- DATA FOR PROCESSING -
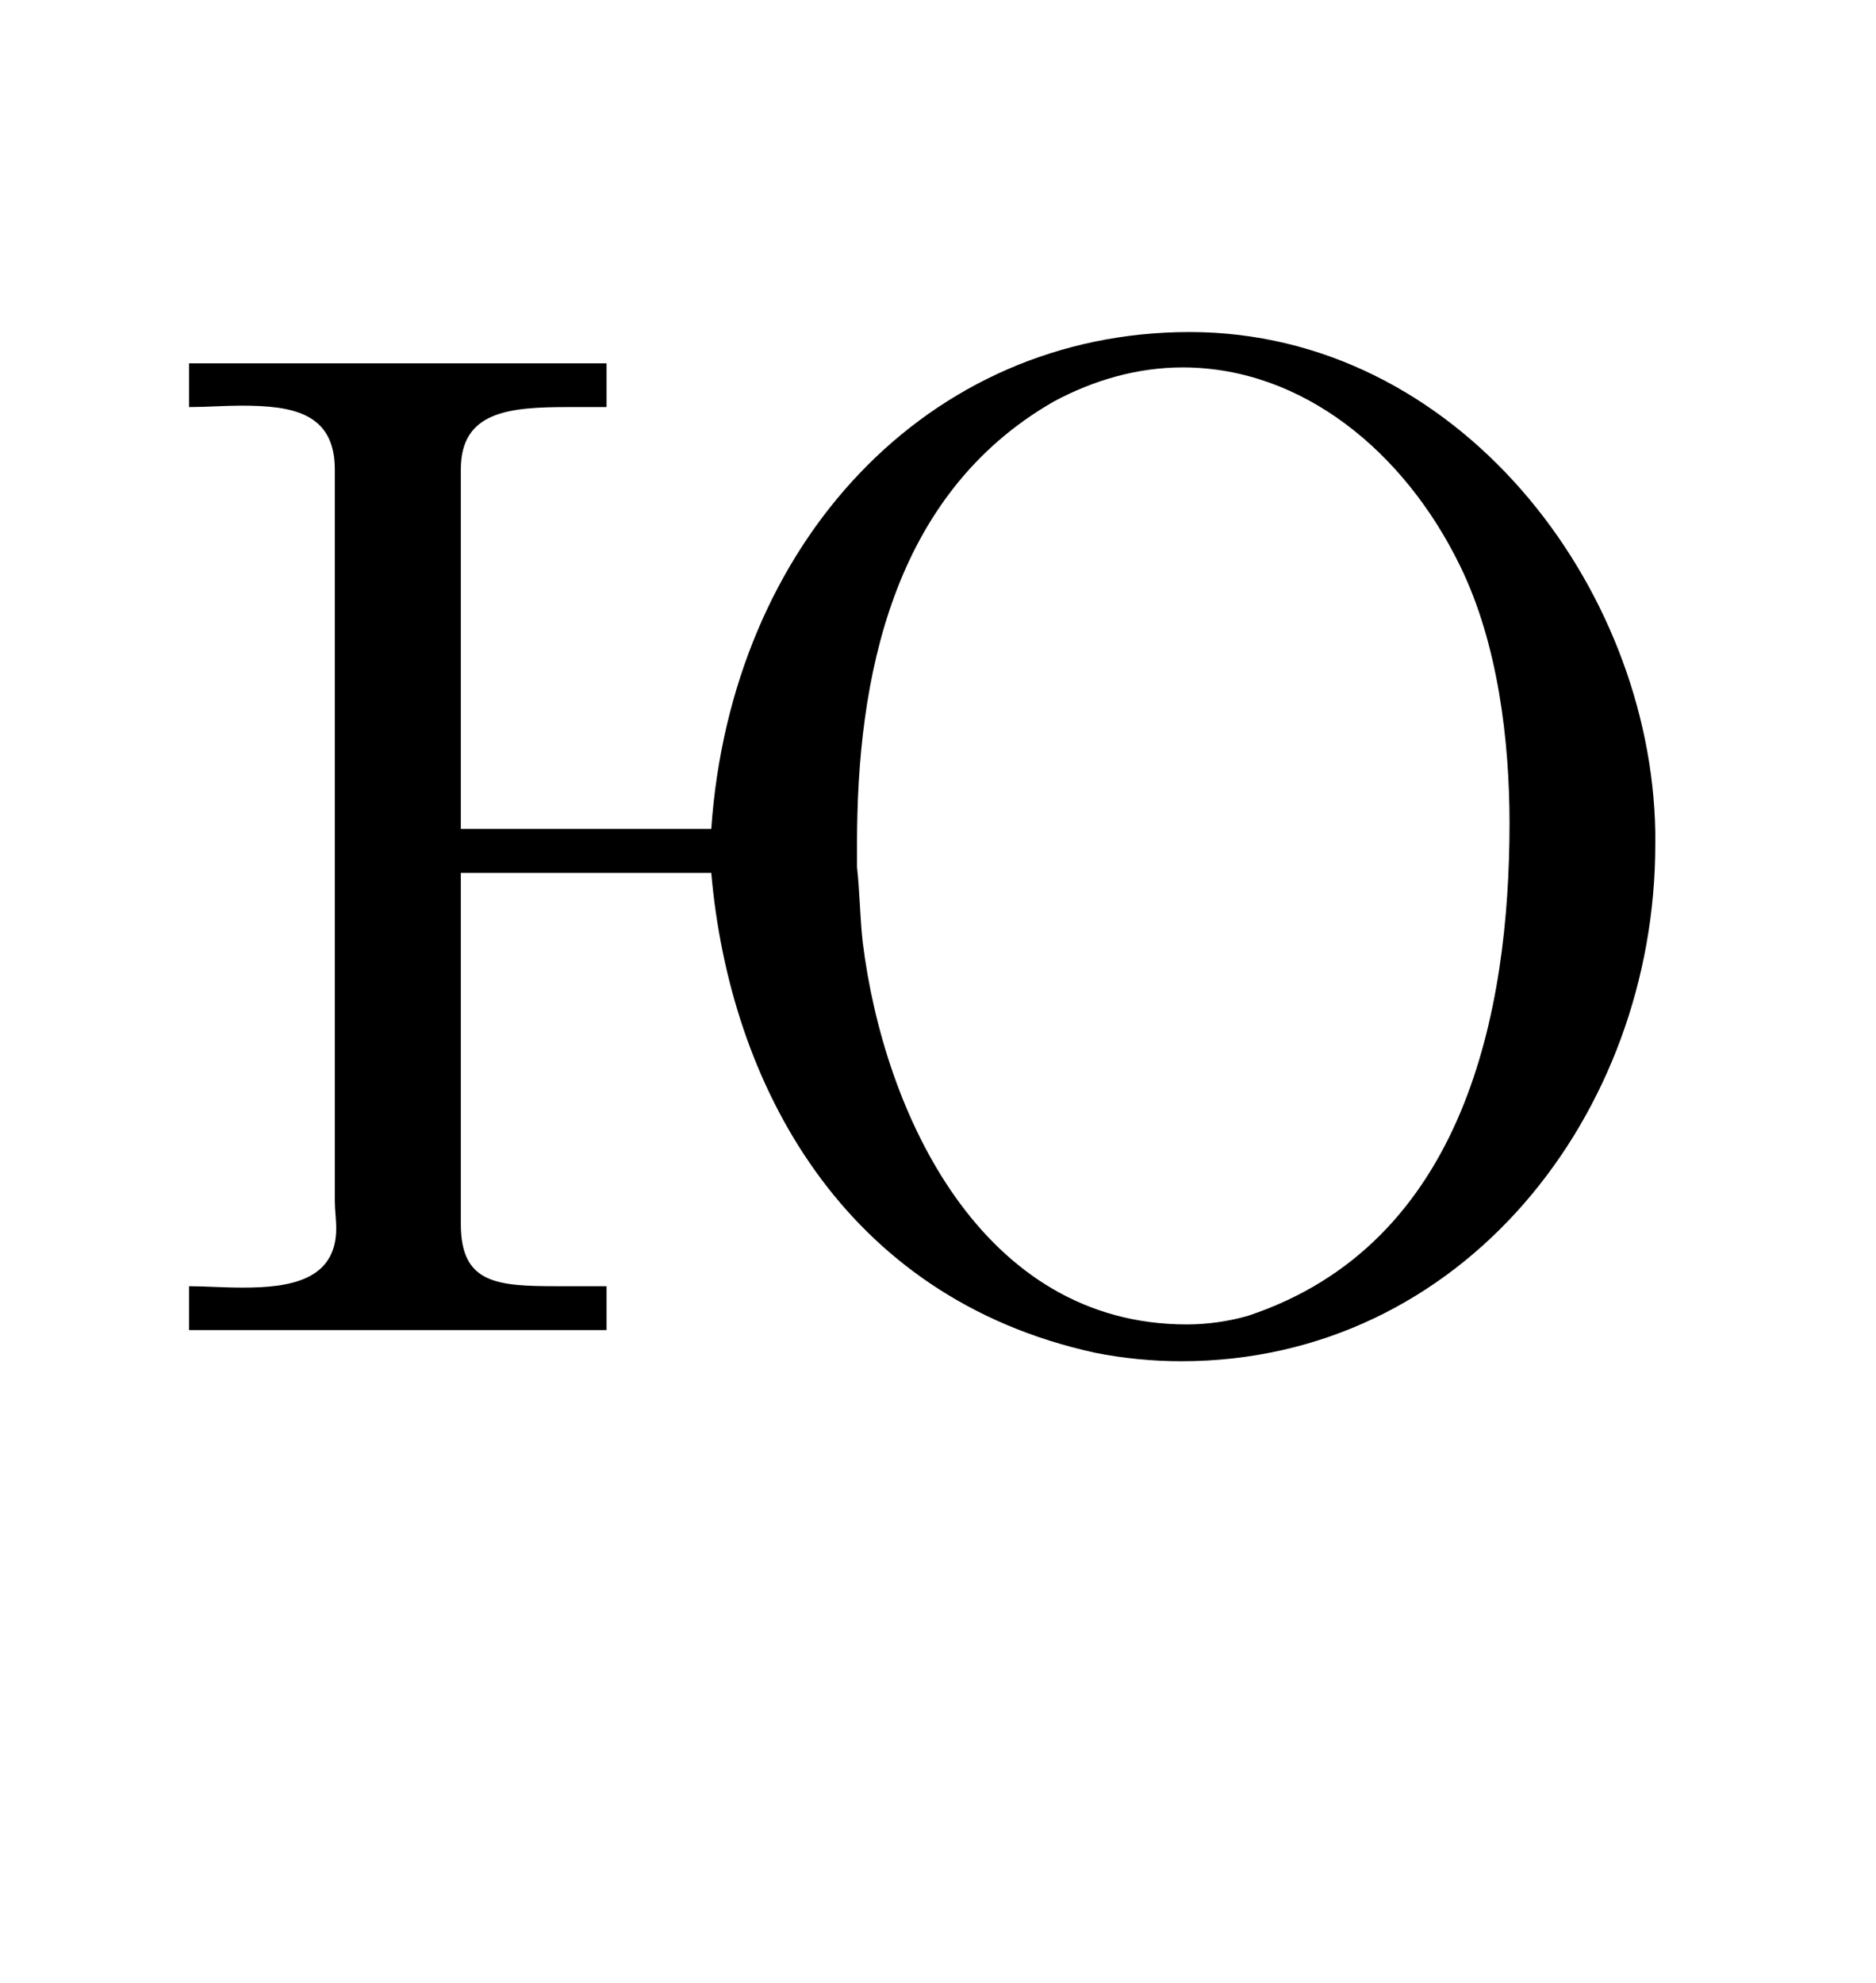 <?xml version='1.0' encoding='UTF-8'?>
<!-- This file was generated by dvisvgm 2.13.3 -->
<svg version='1.1' xmlns='http://www.w3.org/2000/svg' xmlns:xlink='http://www.w3.org/1999/xlink' viewBox='-165.1 -165.1 30.28 32'>
<title>\CYRYU</title>
<desc Packages='[T2C,russian]{fontenc,babel}' CommandUnicode='U+042E' UnicodePackages='[utf8]{inputenc}'/>
<defs>
<path id='g0-222' d='M4.005-3.537H2.242V-6.067C2.242-6.476 2.58-6.506 2.999-6.506H3.268V-6.814H.329V-6.506C.448-6.506 .578-6.516 .697-6.516C1.056-6.516 1.355-6.466 1.355-6.067V-.917C1.355-.857 1.365-.787 1.365-.727C1.365-.359 1.036-.309 .707-.309C.568-.309 .438-.319 .329-.319V-.01H3.268V-.319H2.919C2.491-.319 2.242-.339 2.242-.757V-3.228H4.005C4.134-1.743 4.932-.239 6.705 .149C6.904 .189 7.113 .209 7.313 .209C9.295 .209 10.65-1.534 10.65-3.427V-3.517C10.62-5.25 9.255-7.034 7.372-7.034C5.529-7.034 4.144-5.549 4.005-3.537ZM5.031-3.268V-3.437C5.031-4.583 5.27-5.888 6.416-6.545C6.695-6.695 7.004-6.785 7.323-6.785C8.169-6.785 8.887-6.187 9.275-5.39C9.544-4.842 9.624-4.154 9.624-3.577C9.624-2.262 9.315-.618 7.781-.11C7.641-.07 7.492-.05 7.352-.05C5.908-.05 5.22-1.534 5.071-2.74C5.051-2.919 5.051-3.088 5.031-3.268Z'/>
</defs>
<g id='page1' transform='scale(2.293)'>
<use x='-71' y='-62.631' xlink:href='#g0-222'/>
</g>
</svg>

- PROBLEM DETAILS -
Copy the listing above verbatim, leaving out pictures.

- RESPONSE AREA -
 <?xml version='1.0' encoding='UTF-8'?>
<!-- This file was generated by dvisvgm 2.13.3 -->
<svg version='1.1' xmlns='http://www.w3.org/2000/svg' xmlns:xlink='http://www.w3.org/1999/xlink' viewBox='-165.1 -165.1 30.28 32'>
<title>\CYRYU</title>
<desc Packages='[T2C,russian]{fontenc,babel}' CommandUnicode='U+042E' UnicodePackages='[utf8]{inputenc}'/>
<defs>
<path id='g0-222' d='M4.005-3.537H2.242V-6.067C2.242-6.476 2.58-6.506 2.999-6.506H3.268V-6.814H.329V-6.506C.448-6.506 .578-6.516 .697-6.516C1.056-6.516 1.355-6.466 1.355-6.067V-.917C1.355-.857 1.365-.787 1.365-.727C1.365-.359 1.036-.309 .707-.309C.568-.309 .438-.319 .329-.319V-.01H3.268V-.319H2.919C2.491-.319 2.242-.339 2.242-.757V-3.228H4.005C4.134-1.743 4.932-.239 6.705 .149C6.904 .189 7.113 .209 7.313 .209C9.295 .209 10.65-1.534 10.65-3.427V-3.517C10.62-5.25 9.255-7.034 7.372-7.034C5.529-7.034 4.144-5.549 4.005-3.537ZM5.031-3.268V-3.437C5.031-4.583 5.27-5.888 6.416-6.545C6.695-6.695 7.004-6.785 7.323-6.785C8.169-6.785 8.887-6.187 9.275-5.39C9.544-4.842 9.624-4.154 9.624-3.577C9.624-2.262 9.315-.618 7.781-.11C7.641-.07 7.492-.05 7.352-.05C5.908-.05 5.22-1.534 5.071-2.74C5.051-2.919 5.051-3.088 5.031-3.268Z'/>
</defs>
<g id='page1' transform='scale(2.293)'>
<use x='-71' y='-62.631' xlink:href='#g0-222'/>
</g>
</svg>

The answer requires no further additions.